I dont really feel i can make friends due to many who took that joy from me. Hence my trust issues. Im really very sad at this time and i feel i dont belong anywhere in this life at all. Ive tried before to end my life on multiple occasions without success of course but not from a lack of trying. God seemed to want me for something else and thats what brought me here.
I thought my life was a living hell until i began doing what God wanted me to do. The more i learned from His Holy Word(Now get this i know The Bible backwards and forewords Ive read it over and over even when i was a devil worshiper.) But as He taught me this time it was Him who showed me the Truth, The real truth as it was to be taught. The Holy Spirit took me i have no control over what it wants to say.

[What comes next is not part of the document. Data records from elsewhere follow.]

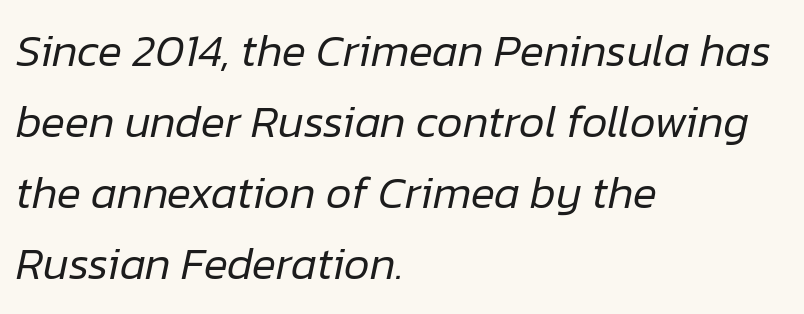
{"italic": "yes", "lean": "right", "slant_degrees": 12, "bold": "no", "weight": "regular", "width": "normal", "stroke_contrast": "low", "x_height": "medium", "monospaced": "no", "underline": "no", "align": "left", "line_spacing": "normal", "line_spacing_ratio": 1.58, "letter_spacing": "normal", "letter_spacing_em": 0.0, "glyph_px": 45}
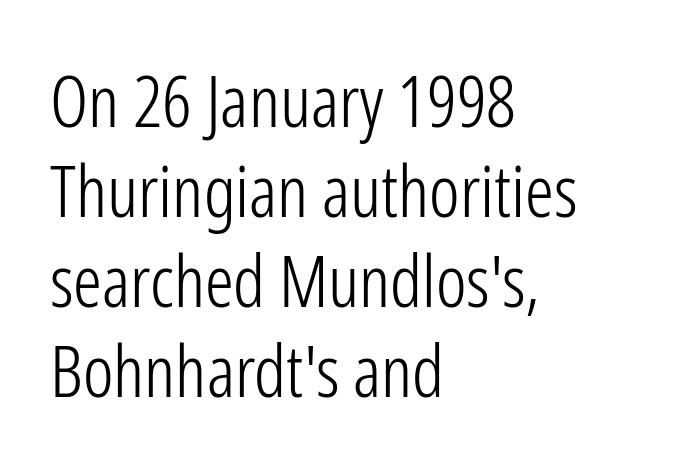
Q: Is the text bold? A: No.
Q: Is the text italic (slanted)? A: No, it is upright.
Q: Is the typeface a serif or a sans-serif typeface? A: Sans-serif.
Q: Is the text underlined? A: No.
Q: How is the paragraph aligned? A: Left-aligned.
Q: Is the spacing between letters normal or unusually wide? A: Normal.
Q: Is the spacing between lines tight, normal or loose? A: Normal.
Q: Width (condensed, normal, or wide)? A: Condensed.
Q: Stroke contrast? A: Low.
Q: x-height? A: Medium.
Q: Monospaced? A: No.
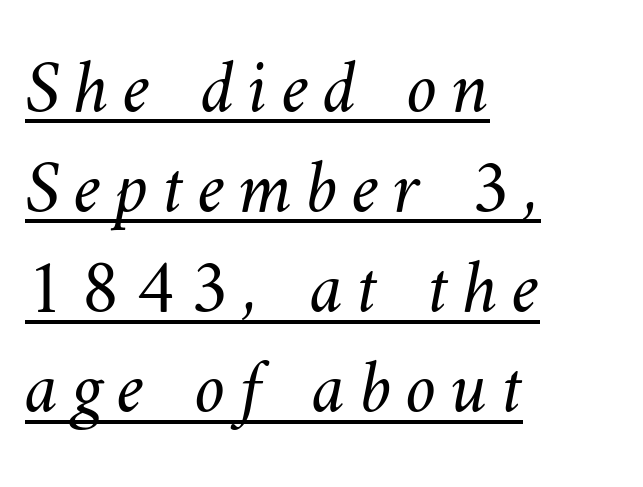
The vertical gap from one line to the next is medium. The rendering uses the underline text-decoration. Notice how the passage keeps a crisp vertical edge on the left only. Caption: face not bold, strokes unweighted. Looks like regular typesetting: each glyph gets only the width it needs.
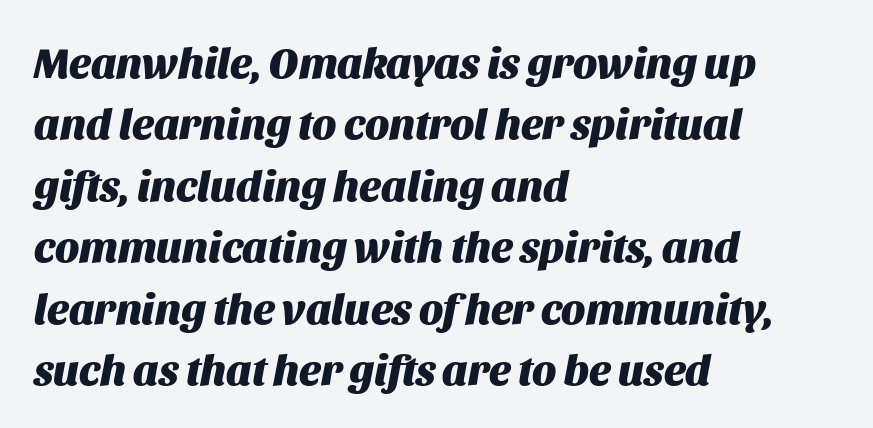
{"italic": "yes", "lean": "right", "slant_degrees": 11, "bold": "yes", "weight": "heavy", "width": "normal", "stroke_contrast": "medium", "x_height": "large", "monospaced": "no", "underline": "no", "align": "left", "line_spacing": "normal", "line_spacing_ratio": 1.43, "letter_spacing": "normal", "letter_spacing_em": 0.0, "glyph_px": 43}

But to shorten this every since i began this The devil works overtime to destroy me. Every time i post he attacks and no matter how many times i rebuke him he comes back. Its not from my lack of faith but God is allowing this. He test my strength to see if i will bend and as of yet Ive remained strong yet, He does give me His support but i must stand on my own 2 feet also. This is what Hes helping me with.
But there are things that he is not helping me with and why i do not know. He knows how much this means to me but He allows it to go on no matter how much i plea. I remember Paul also pleaded with God about his thorn but God allowed this.
So i have to believe God has a reason for what He is doing. Now pretty much Ive been abandoned by everyone but a few now No one wants to hear Gods word that i knew so they left me. I can accept that but believe me its not my desire to be alone. I have my wife tho and God and His Son. You would think it would be enough but God did create us with a need to socialize with each other but at the same time everyone wants you to do things as they wish or change who you are and i cant accept that, I am who i am.
I know the devil will never let me be now so i dont even bother to rebuke him anymore its useless he just comes right back so whatever let it go i say. He is quite intent on destroying me and i expected this when i left his side to join with Jesus and The Father.
So anyways Ive rambled enough tonight. Ive let you in on my world a little. I hope that God will send His Son soon to end this. As i heard quoted one time .
I knew the job was dangerous when i took it!!!